# Angelina Jolie tritt in Elizabeth Taylors Fußstapfen



## Mandalorianer (1 Apr. 2011)

*Angelina Jolie tritt in Elizabeth Taylors Fußstapfen​*
*
Jetzt ist es offiziell:* Für die Leinwandverfilmung wird Angelina Jolie
in die Rolle der ägyptischen Königin Cleopatra schlüpfen. Das ist eine große Ehre für sie, 
aber auch eine echte Herausforderung. Denn um Vergleiche mit der jüngst verstorbenen Elizabeth Taylor ,
die 1963 in dieser Rolle glänzte, wird sie nicht umhinkommen.



​

Gerüchteweise soll die neue Verfilmung von Scott Rudin jedoch andere Schwerpunkte setzen. Der Film werde vordergründig Cleopatras Verführungskünste und erotische Ausstrahlung thematisieren und veranschaulichen, wie sie ihren Körper und Charme für Macht und Politik einsetzte. 


Indes ist noch ungewiss, wer die Rolle von Cleopatras Liebhaber Marcus Antonius, dem römischen Feldherren und Staatsmann, übernehmen wird. Gerüchteweise könnte es sogar Angelinas Lebenspartner Brad Pitt werden. Aber auch Daniel Craig, George Clooney und Colin Firth sollen dafür im Gespräch sein.
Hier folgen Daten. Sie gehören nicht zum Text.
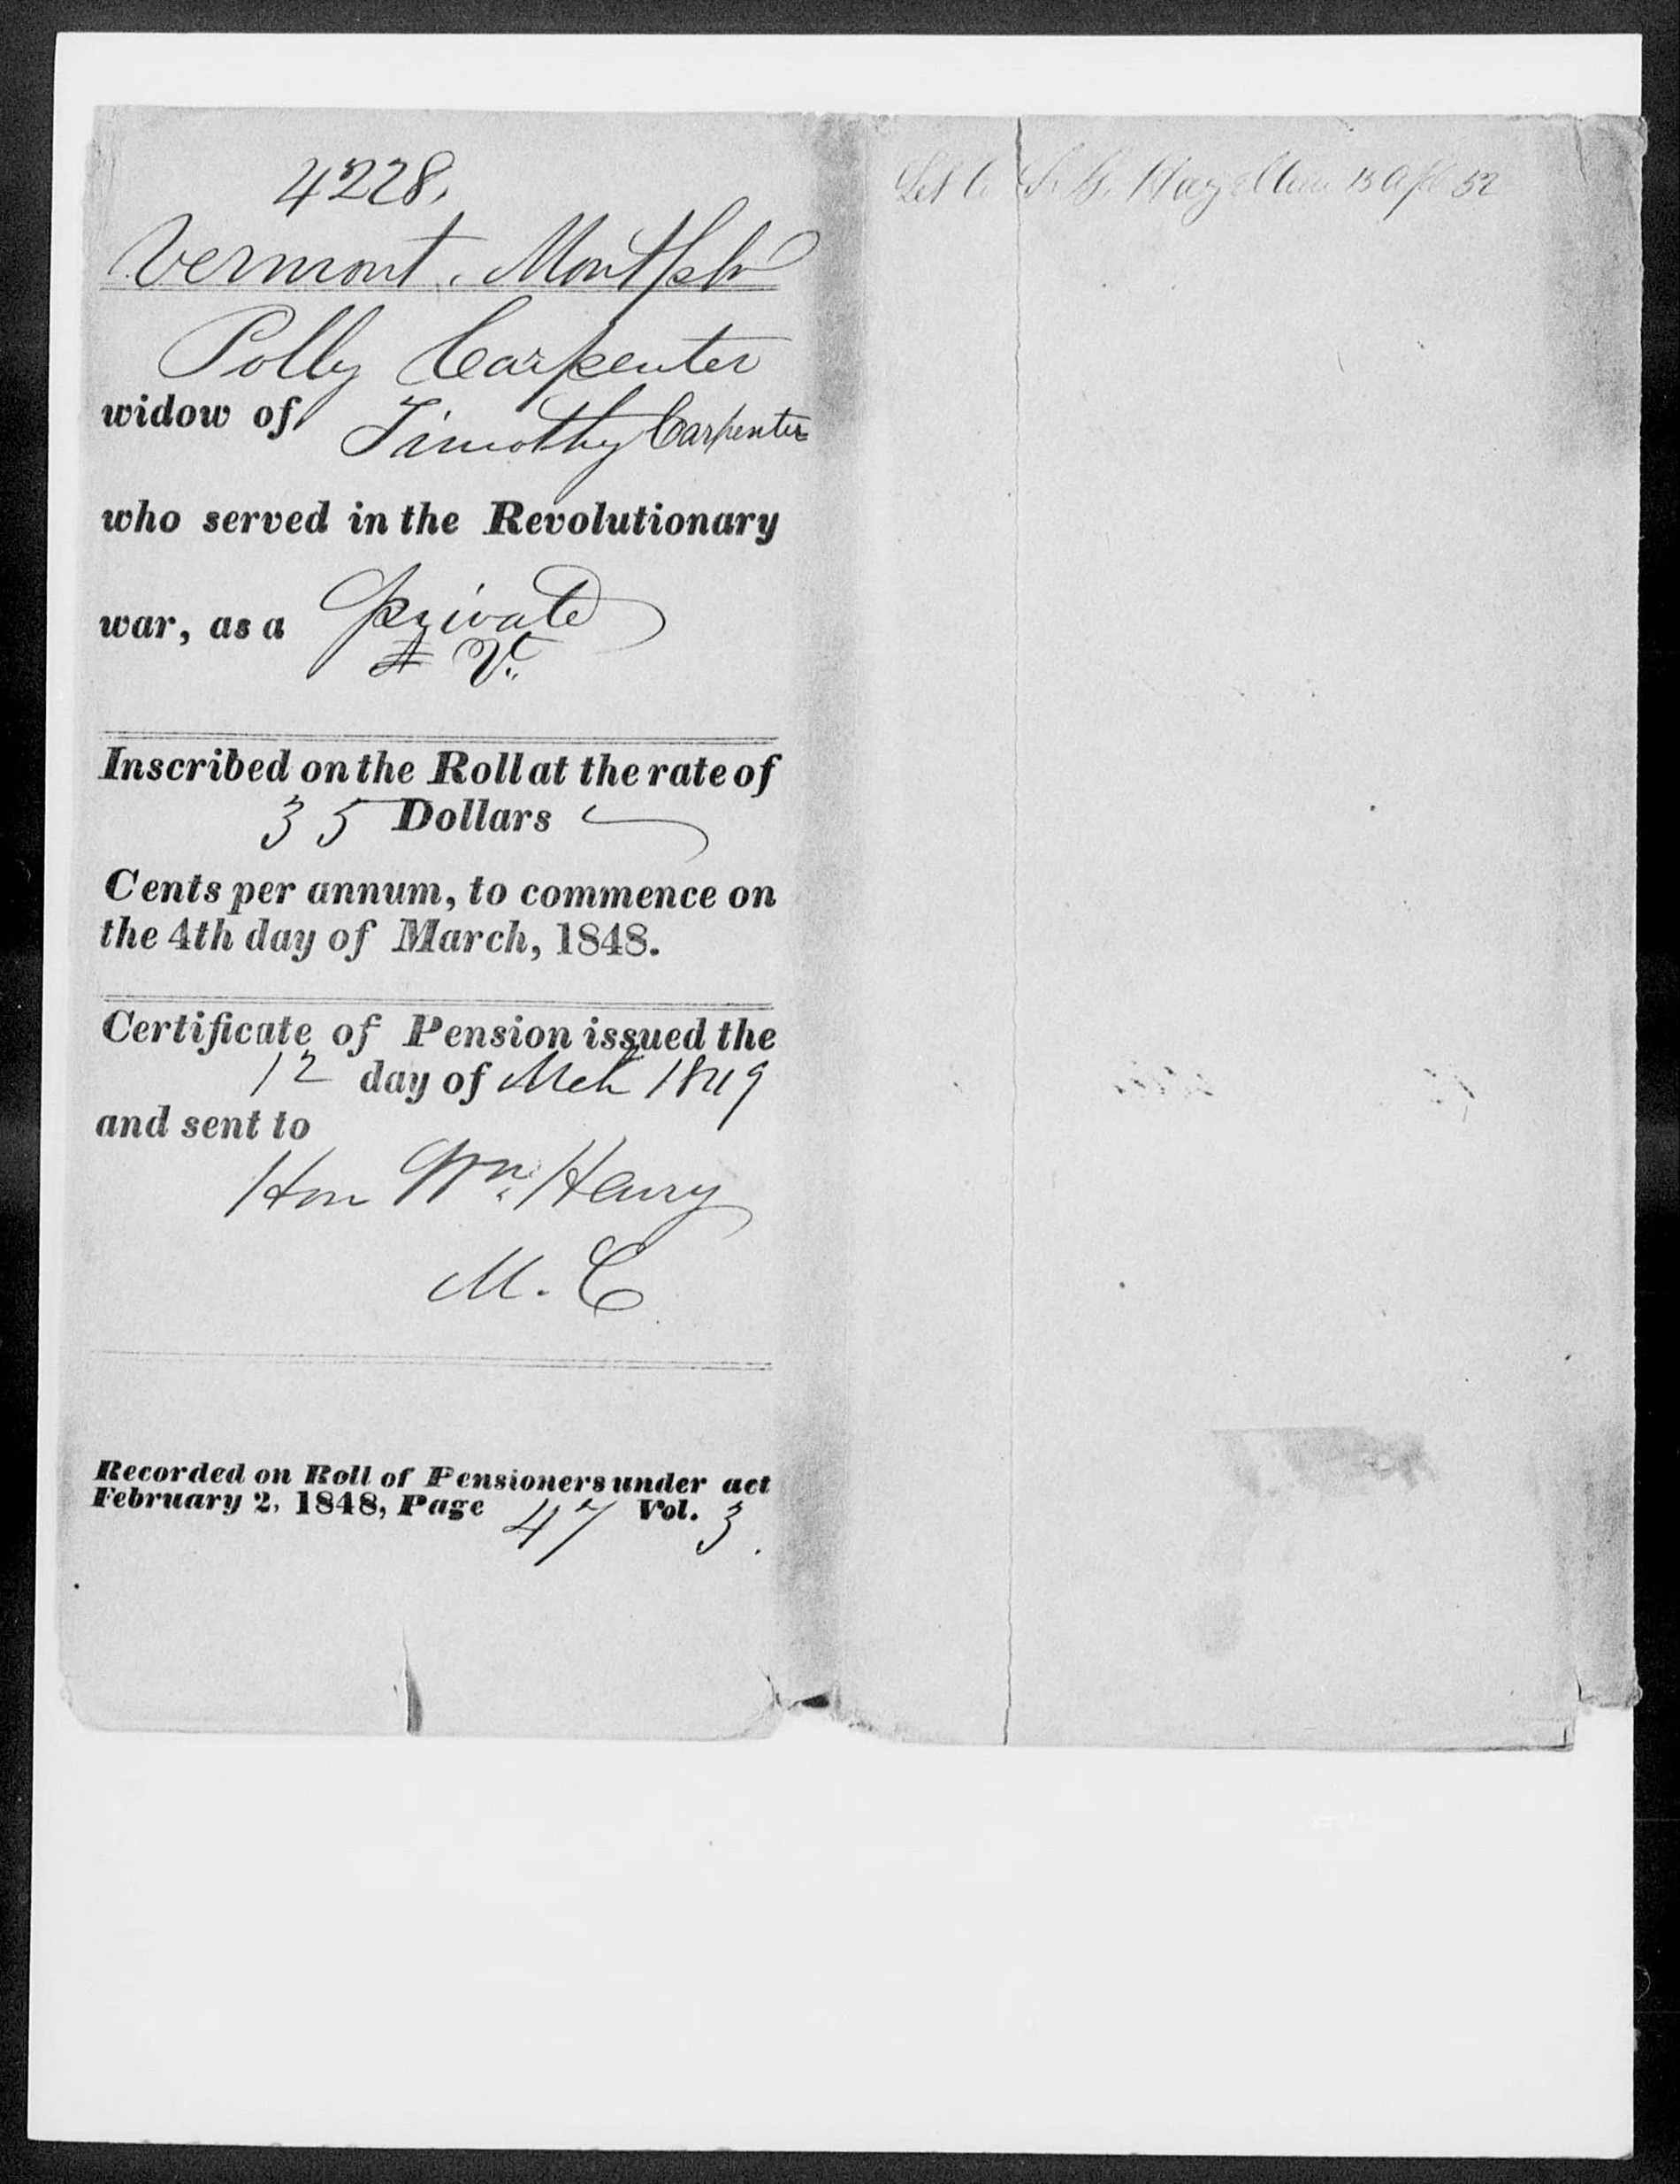[verso]

4228,
Vermont Montpelier
Polly Carpenter widow of Timothy Carpenter who served in the Revolutionary war, as a private Vt.
______
Inscribed on the Roll at the rate of 35 Dollars -- Cents per annum, to commence on the 4th day of March, 1848.
______
Certificate of Pension issued the 12 day of Mch 1849 and sent to Hon Wm. Henry M.VC.

Recorded on Roll of Pensioners under act February 2, 1848 page 47 Vol. 3. 

[recto]

Let to S. B. Hazeltine 13 Apl 52

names: Polly Carpenter, Timothy Carpenter, Wm Harry, S B Hay
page: 8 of 41
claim: widow's
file: W. 15627, Timothy Carpenter, Vt.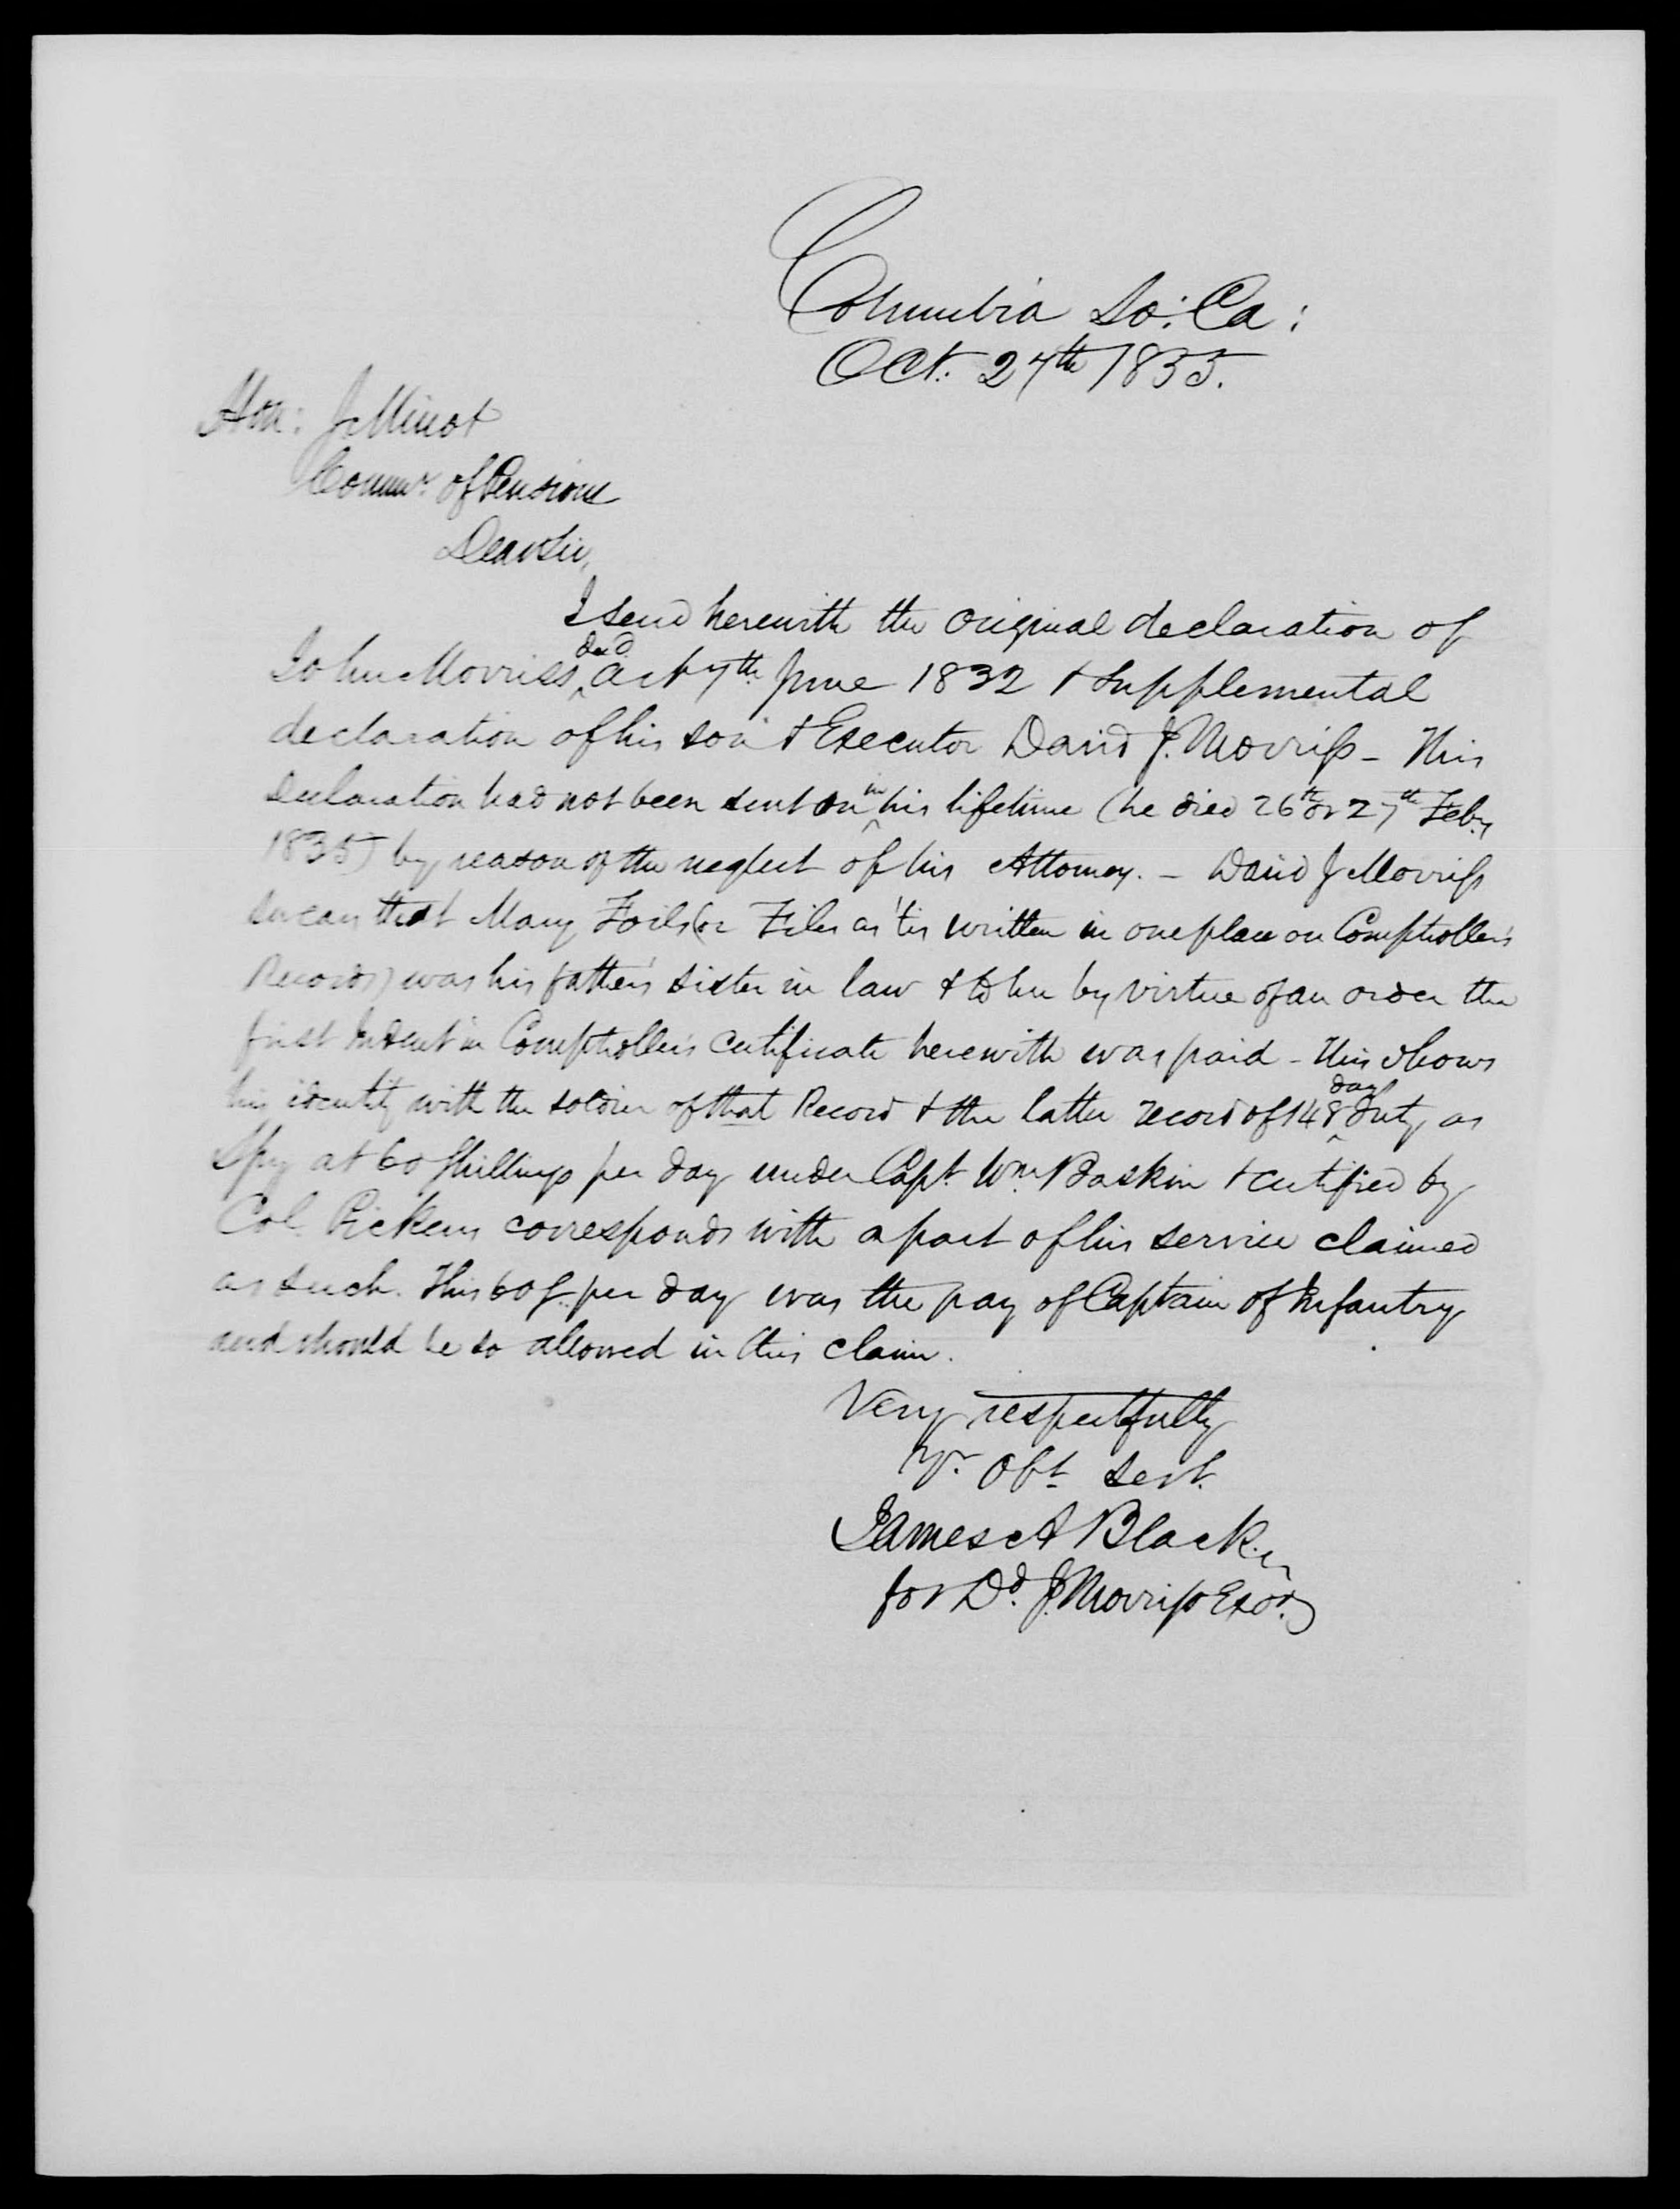Columbia So. Ca.
Oct. 27th 1855
Hon. J Minot
Commr of Pensions
Dear Sir
I send herewith the original declaration of John Morris decd Act 7th June 1832 & supplemental
declaration of his son Executor David J. Morriss- This declaration had not been sent in his lifetime he died 26th or 27th FebI 1835 by reason of the neglect of his Att rney. David J Morriss [Illegible] that Mary Foils (or Files as tis written in one place on Comptroller's Record ) was his fathers sister in law & to her by virtue of an order the first Indent in Comptrollers certificate herewith was paid, this shows
his identity with the soldier of that Record & the latter record of 148 days duty as spy at 60 shillings per day under Capt Wm Baskin & certified by
Col. Pickens corresponds with a part of his service claimed as such. This 60s per day was the pay of Captain of Infantry and should be so allowed in this claim
Very respectfully
Yr Obt Sert.
James A Black
for Dd J. Morriss Exor

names: Mary Files; Wm Baskin; James A Black; Mary Foils; J Minot; David J Morriss; [BLANK] Pickens; John Morriss
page: 14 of 20
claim: rejected
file: R. 7407, for John Morriss, South Carolina

Bis zum Filmstart müssen wir uns voraussichtlich bis 2013 gedulden.


*Grosses Kino:thumbup:
Gruss Gollum*


----------



## Q (1 Apr. 2011)

dann gibts was zu gucken  :thumbup: :thx:


----------



## DRAGO (1 Apr. 2011)

Meines Erachtens hat Dita von Teese wesentlich mehr Ähnlichkeit mit Liz Taylor


----------



## Punisher (1 Apr. 2011)

Egal, wenn sie genug Haut zeigt


----------



## Chamser81 (1 Apr. 2011)

Sie wird nicht mal ansatzweise so attraktiv sein wie Liz Taylor als Cleopatra!


----------



## Stoney (3 Apr. 2011)

Freue mich riesig das Angelina die Cleopatra spielt:thumbup:


----------



## Skype (9 Apr. 2011)

Mit schwarzen Haare und viel schminke, kann es ja was werden.


----------